On the other hand, inside the hotel, one coyote leaps at the throat of the eminent Antillean critic Emilio Domínguez del Tamal at the exact moment he is finishing his habitual lecture with the words The peoples of our nations demand this revolutionary commitment from the writer and is awaiting the usual counter-statement from the no less celebrated South American critic Egberto Jiménez-Chicharra with questions such as what about preterition? And diachrony? And epanidiplosis? But this time the words of the Literary Sergeant are mortally tasted by the coyote’s saw-like canines, since Chicharra decides to express his scorn for del Tamal by skipping his lecture and sinking instead into his bath, which is bubbling with wonderful lemon-colored Badedás bath salts. He leaves his book of structuralist criticism on a book stand next to the tub and leaves the door to his suite open as well, open to chance, danger, and sin, said the eminent critic to himself, even though he was frankly annoyed that homosexuality was no longer a sin for anyone and merely one more practice among so many others, tolerated by all, denounced by none. He wanted homosexuality to be a sin again, that it be the vice that dares not speak its name, not an activity as neutral as brushing one’s teeth. Why did the idea of sodomy as a sin excite him so much and leave the young men cold? he wondered, when through his bathroom door, like a miraculous dream, came, fleetingly and busily, a naked young man, covered in gold dust, his whisk-broom hair covered by a horrid rimless borsalino decorated with bottle caps but oooooh what a penis and what a hard little ass … The Orphan Huerta said not a word; at the same time, he dropped a hair dryer, an FM radio, and an electric mixer (all three plugged into a transformer) right into Chicharra’s bath; he died fried without responding to del Tamal: a silent critic, a thankful Angel would sigh, but the same was not to be said for Matamoros Moreno, who violently strode toward the congress, followed by his daughter Colasa, in hopes that he would have his works published by one of the participants, perhaps with a prologue by Sergeant del Tamal and perhaps with an epilogue by Jiménez-Chicharra: father and daughter hear the repeated sound of the song “Flying Down to Vigo” played on a broken phonograph, but it does not rain cotton flakes, here what is coming down is darkness, their blood freezes, and Matamoros says to Colasa:
“If I find out that this opportunity was also stolen from me by that punk Palomar, I swear, Colasa, I swear to you I’ll…”

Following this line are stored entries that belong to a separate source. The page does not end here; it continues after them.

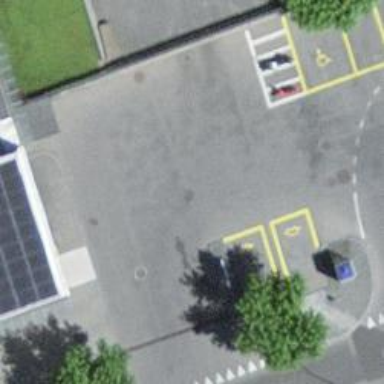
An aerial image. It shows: Square.
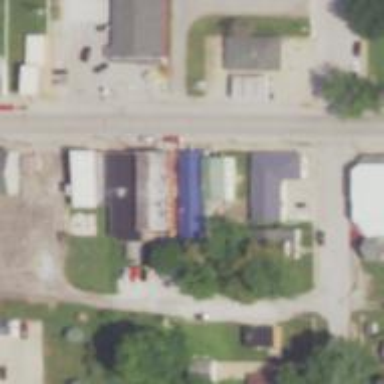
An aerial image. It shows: Pharmacy providing healthcare services.
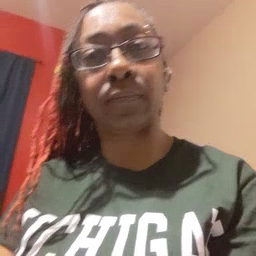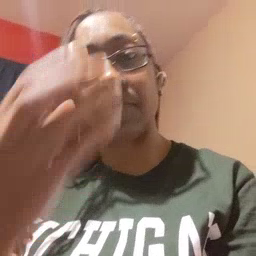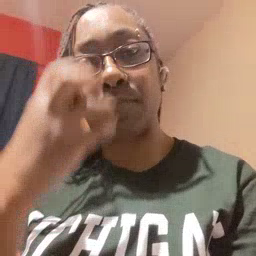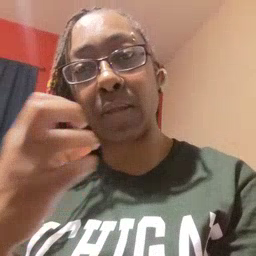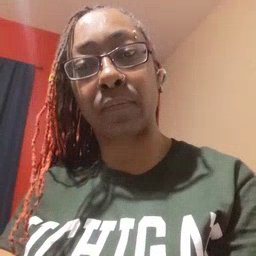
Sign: mad
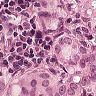
Metastatic tissue present: yes
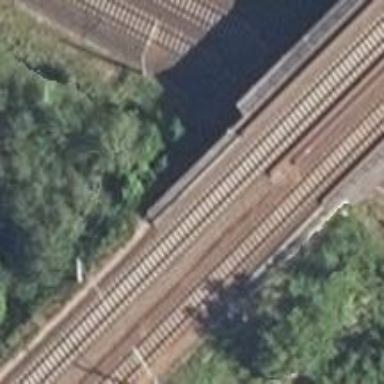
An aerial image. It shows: Bridge over railway with electrified contact lines.
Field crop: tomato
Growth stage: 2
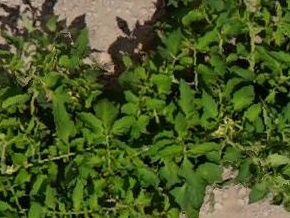
Species: tomato
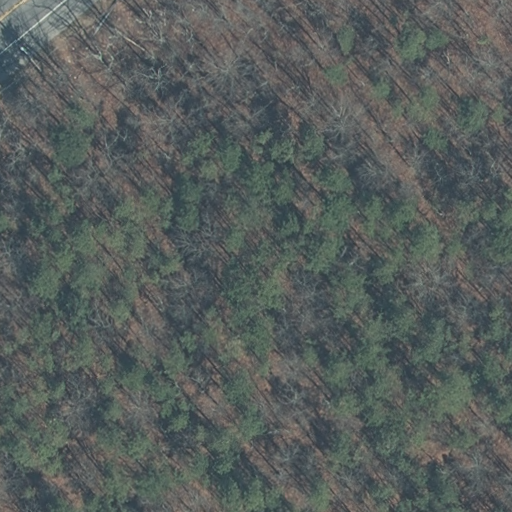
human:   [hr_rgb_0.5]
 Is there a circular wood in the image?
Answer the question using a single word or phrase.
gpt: no

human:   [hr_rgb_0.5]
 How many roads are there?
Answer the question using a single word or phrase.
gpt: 1

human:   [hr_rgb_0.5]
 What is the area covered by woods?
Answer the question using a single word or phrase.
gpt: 1283m2

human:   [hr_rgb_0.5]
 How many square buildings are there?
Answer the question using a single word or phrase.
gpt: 0

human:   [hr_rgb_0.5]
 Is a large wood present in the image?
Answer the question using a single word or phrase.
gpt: yes

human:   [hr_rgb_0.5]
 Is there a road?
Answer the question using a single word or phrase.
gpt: yes

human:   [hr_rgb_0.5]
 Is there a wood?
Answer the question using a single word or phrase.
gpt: yes

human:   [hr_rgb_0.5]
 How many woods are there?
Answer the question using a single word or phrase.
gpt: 1

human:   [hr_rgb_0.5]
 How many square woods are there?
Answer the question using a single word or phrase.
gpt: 0

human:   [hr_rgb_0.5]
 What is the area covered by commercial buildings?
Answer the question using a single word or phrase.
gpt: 0m2

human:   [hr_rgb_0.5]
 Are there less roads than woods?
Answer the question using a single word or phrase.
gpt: no

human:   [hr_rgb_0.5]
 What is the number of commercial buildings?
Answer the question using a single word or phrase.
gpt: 0

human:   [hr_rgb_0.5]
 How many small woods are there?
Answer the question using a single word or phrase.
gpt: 0

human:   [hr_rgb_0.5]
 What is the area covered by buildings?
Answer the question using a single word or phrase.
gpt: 0m2

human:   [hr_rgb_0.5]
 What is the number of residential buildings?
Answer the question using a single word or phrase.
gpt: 0

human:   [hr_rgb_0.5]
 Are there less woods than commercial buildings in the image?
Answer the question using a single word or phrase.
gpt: no

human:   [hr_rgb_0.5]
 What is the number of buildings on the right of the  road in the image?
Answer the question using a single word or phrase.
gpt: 0

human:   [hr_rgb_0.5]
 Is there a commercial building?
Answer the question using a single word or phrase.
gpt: no

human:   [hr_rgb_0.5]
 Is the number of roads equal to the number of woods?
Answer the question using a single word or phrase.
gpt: yes

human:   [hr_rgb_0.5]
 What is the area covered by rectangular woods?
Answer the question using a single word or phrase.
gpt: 1283m2

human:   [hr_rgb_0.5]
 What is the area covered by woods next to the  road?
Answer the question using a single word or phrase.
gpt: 1283m2

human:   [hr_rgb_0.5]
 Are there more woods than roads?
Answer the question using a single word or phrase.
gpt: no

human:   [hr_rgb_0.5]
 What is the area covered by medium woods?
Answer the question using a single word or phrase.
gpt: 0m2

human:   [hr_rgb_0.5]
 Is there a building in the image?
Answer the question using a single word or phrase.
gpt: no

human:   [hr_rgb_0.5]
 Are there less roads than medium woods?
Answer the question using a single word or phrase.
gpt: no

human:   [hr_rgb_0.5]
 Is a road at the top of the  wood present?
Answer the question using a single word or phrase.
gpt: no

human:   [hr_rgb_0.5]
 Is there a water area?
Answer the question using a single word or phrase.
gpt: no

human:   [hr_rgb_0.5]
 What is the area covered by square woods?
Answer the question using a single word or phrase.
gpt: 0m2

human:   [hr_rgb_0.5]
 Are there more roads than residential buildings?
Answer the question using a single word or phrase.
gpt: yes

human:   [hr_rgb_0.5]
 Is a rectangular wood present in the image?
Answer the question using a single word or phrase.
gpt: yes

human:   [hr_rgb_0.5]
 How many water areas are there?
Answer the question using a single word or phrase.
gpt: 0

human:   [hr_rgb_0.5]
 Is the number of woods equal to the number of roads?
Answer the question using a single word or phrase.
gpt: yes

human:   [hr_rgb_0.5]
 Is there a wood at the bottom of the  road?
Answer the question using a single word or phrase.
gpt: no

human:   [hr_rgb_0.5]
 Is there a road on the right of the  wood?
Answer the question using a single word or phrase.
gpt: no

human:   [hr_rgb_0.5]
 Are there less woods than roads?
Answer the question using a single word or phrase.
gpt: no

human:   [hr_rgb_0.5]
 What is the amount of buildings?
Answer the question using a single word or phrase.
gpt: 0

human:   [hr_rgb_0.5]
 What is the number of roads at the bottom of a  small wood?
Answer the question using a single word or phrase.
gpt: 0

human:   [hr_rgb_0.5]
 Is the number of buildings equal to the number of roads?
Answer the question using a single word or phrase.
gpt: no

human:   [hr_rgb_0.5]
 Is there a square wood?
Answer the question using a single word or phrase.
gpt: no

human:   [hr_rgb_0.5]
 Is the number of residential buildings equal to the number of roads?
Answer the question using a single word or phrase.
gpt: no

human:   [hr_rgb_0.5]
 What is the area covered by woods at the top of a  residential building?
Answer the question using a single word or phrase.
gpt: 0m2

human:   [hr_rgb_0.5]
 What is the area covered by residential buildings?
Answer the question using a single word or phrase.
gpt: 0m2

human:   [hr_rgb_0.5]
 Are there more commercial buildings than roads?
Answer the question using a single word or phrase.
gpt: no

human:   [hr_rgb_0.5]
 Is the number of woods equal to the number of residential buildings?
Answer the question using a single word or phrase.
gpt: no

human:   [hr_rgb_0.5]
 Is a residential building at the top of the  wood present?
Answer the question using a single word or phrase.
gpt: no

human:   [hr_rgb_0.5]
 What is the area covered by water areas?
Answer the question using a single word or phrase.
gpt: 0m2

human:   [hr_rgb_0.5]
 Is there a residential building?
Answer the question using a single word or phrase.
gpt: no

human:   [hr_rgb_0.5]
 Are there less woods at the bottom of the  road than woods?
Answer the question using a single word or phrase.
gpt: yes

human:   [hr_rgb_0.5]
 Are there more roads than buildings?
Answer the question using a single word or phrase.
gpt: yes

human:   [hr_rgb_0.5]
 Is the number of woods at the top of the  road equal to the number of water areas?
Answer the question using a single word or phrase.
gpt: no

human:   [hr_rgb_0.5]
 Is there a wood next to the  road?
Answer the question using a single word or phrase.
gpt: yes

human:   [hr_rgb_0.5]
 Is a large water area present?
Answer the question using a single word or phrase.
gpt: no

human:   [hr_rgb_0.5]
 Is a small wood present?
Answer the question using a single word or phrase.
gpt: no

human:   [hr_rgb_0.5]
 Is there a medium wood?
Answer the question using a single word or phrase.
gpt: no

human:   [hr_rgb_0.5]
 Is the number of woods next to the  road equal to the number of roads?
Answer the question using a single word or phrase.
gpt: yes

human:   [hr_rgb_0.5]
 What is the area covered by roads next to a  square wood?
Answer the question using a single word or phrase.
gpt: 0m2

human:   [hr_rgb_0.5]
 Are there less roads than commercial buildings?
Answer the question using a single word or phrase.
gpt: no

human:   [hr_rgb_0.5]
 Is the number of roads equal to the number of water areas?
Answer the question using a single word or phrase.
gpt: no

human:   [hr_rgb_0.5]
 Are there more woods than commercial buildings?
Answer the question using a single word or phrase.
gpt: yes

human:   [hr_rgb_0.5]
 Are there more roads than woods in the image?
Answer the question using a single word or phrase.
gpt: no

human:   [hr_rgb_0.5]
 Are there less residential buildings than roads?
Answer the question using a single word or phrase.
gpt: yes

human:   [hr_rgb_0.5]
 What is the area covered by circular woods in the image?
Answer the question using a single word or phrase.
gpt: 0m2

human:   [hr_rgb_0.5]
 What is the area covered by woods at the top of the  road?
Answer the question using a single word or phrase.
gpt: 1283m2

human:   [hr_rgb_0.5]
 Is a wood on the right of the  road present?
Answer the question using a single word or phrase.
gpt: yes
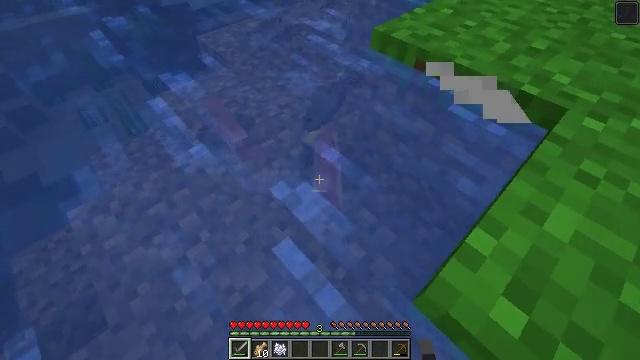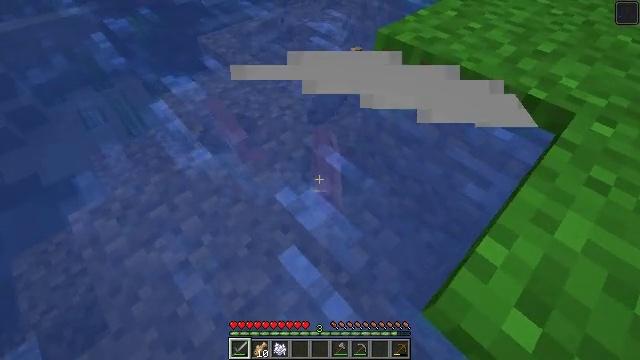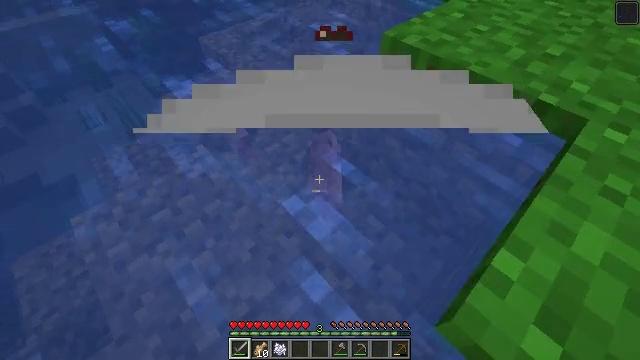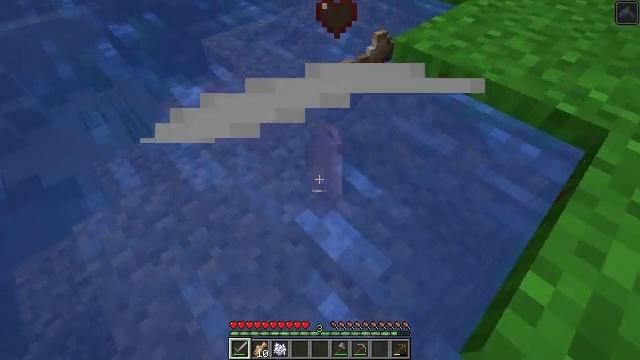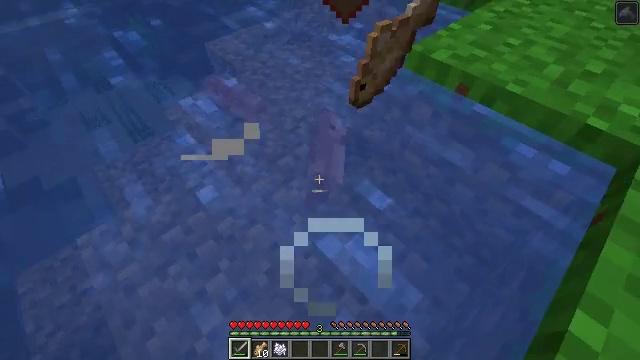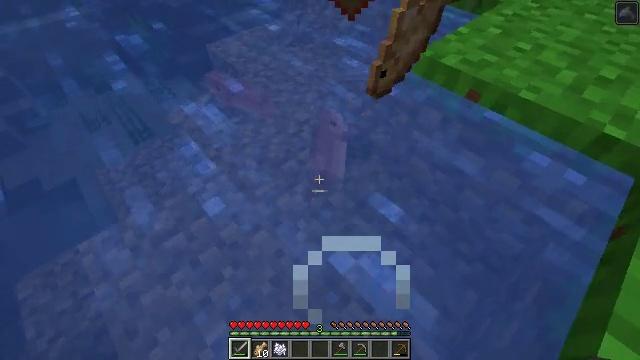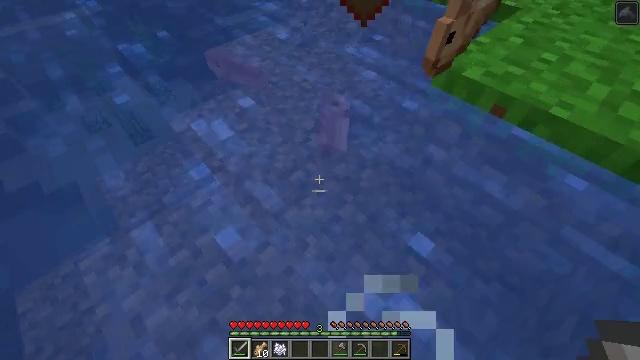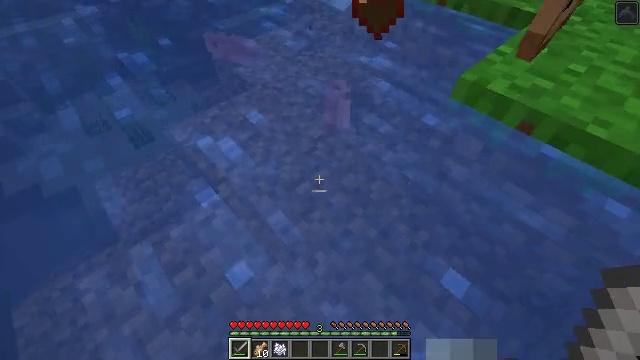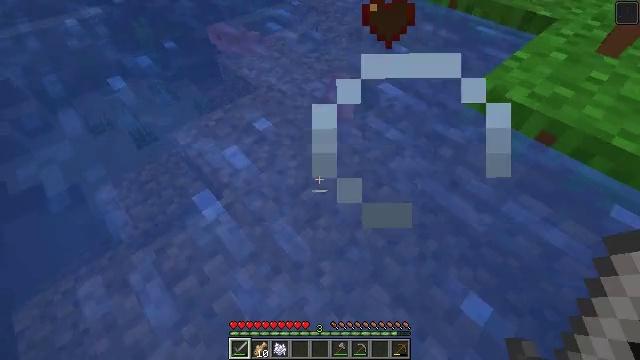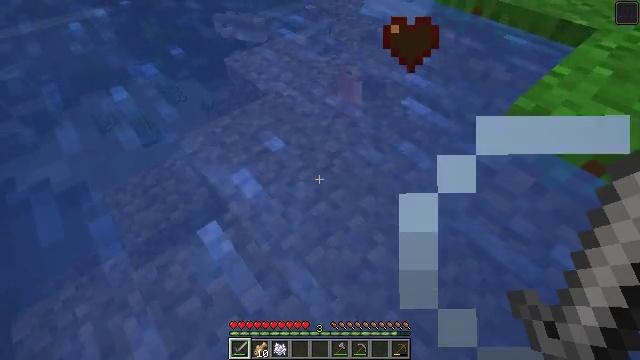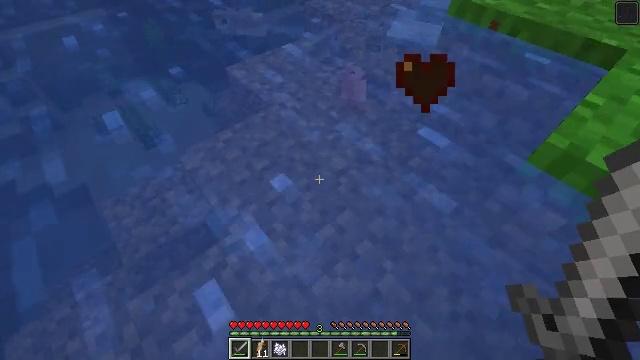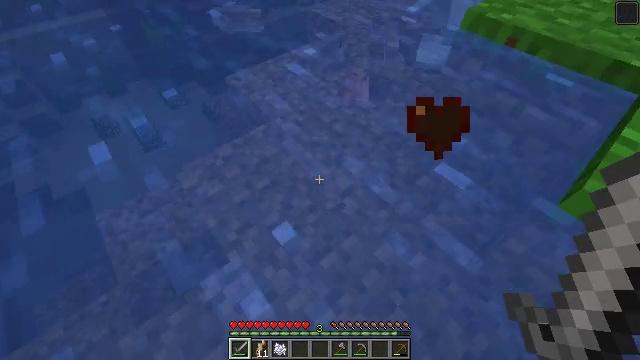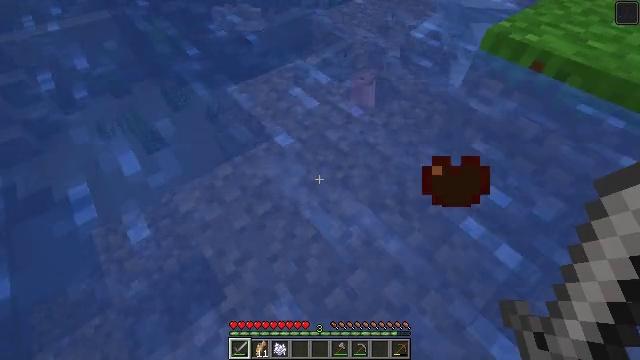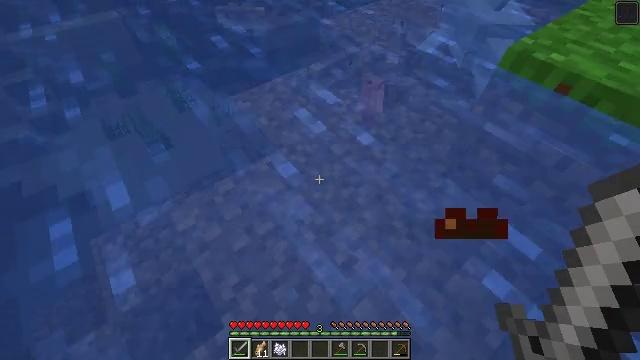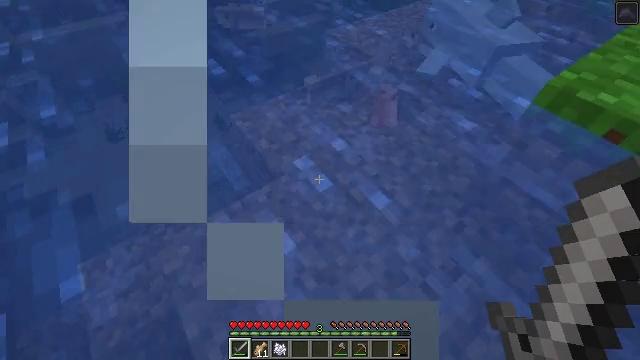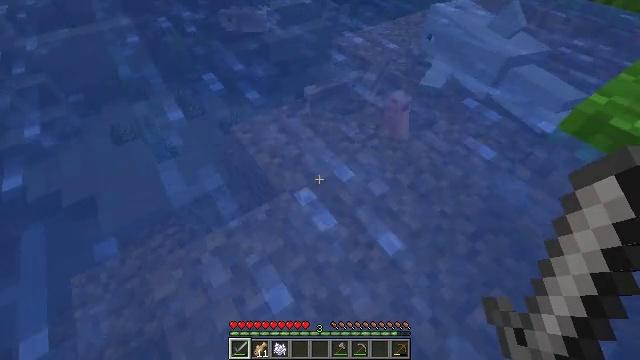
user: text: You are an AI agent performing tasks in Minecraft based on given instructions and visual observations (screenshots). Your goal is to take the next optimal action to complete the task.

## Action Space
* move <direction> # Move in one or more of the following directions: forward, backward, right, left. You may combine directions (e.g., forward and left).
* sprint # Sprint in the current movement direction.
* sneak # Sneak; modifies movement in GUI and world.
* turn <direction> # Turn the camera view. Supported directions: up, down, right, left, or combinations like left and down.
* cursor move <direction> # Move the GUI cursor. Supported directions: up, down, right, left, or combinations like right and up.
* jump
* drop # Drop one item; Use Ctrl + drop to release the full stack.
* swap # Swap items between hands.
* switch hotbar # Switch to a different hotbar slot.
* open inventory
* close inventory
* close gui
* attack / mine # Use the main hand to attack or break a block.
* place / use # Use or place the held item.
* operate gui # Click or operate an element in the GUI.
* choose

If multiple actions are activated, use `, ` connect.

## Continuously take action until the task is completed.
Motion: motion action
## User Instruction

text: Hunt fish.
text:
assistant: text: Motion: move forward
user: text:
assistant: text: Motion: move forward
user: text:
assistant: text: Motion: move forward
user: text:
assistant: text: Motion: move forward
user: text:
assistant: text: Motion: move forward
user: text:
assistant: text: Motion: move forward
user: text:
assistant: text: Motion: move forward
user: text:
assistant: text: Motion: move forward
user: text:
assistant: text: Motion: move forward, turn left
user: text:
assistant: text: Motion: move forward
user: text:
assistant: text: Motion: move forward
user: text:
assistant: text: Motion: move forward
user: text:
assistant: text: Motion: move forward, turn left
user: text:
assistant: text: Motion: move forward, turn left
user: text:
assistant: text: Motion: move forward, turn left
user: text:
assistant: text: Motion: move forward
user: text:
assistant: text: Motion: move forward
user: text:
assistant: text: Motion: move forward
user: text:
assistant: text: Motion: move forward
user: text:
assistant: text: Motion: move forward
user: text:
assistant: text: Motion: move forward, turn right
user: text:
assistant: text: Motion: move forward, turn right and down
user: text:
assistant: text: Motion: move forward, turn right and down
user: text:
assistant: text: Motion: move forward, turn right
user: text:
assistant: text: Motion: move forward
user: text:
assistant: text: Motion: move forward
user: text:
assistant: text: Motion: move forward
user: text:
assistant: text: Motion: turn left
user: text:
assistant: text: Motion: turn left
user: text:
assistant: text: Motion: turn left and down

He had no time to finish; outside, the phalanx of coyotes once again advanced toward the sea, pushing the phalanx of Vogue models toward the water’s edge; the coyotes howled and the models shrieked, and there were no more photographers to be seen.
&n
bsp; The symptoms of arsenic poisoning are convulsions and leg cramps, vomiting and diarrhea; the throat dry and closed; unbearable headache; precipitous fall in pulse rate, cessation of breathing, finally collapse of the frozen bodies (snow in Managua, ice in Macondo, refrigerators in Ciudad Bolívar, Flying Down to Vigogogo! Forever/ Forever!), and those on the Fun & Sun Toltec Tour exhibited quite a few of those symptoms. They lay there over the counters, on their backs on the tile floors, clutching a handful of straws in the Coastline Burger Boy; Professor Gingerich, overly absorbed in his theory of frontiers, had eaten nothing and walked out onto the avenue trembling with fear, abandoning the death that had been injected into plastic bottles of Log Cabin syrup: he looks at the desolation around the Tastee-Freez, the Kentucky Fried Chicken, the Denny’s, the VIPS, the Sanborn’s, the Pizza Huts, all overwhelmingly silent while their neon signs finally fall dark and the howls of the coyotes are followed by their almost human laughter, a cross between the laugh of a hyena and an old man, the laughter of clowns and witches.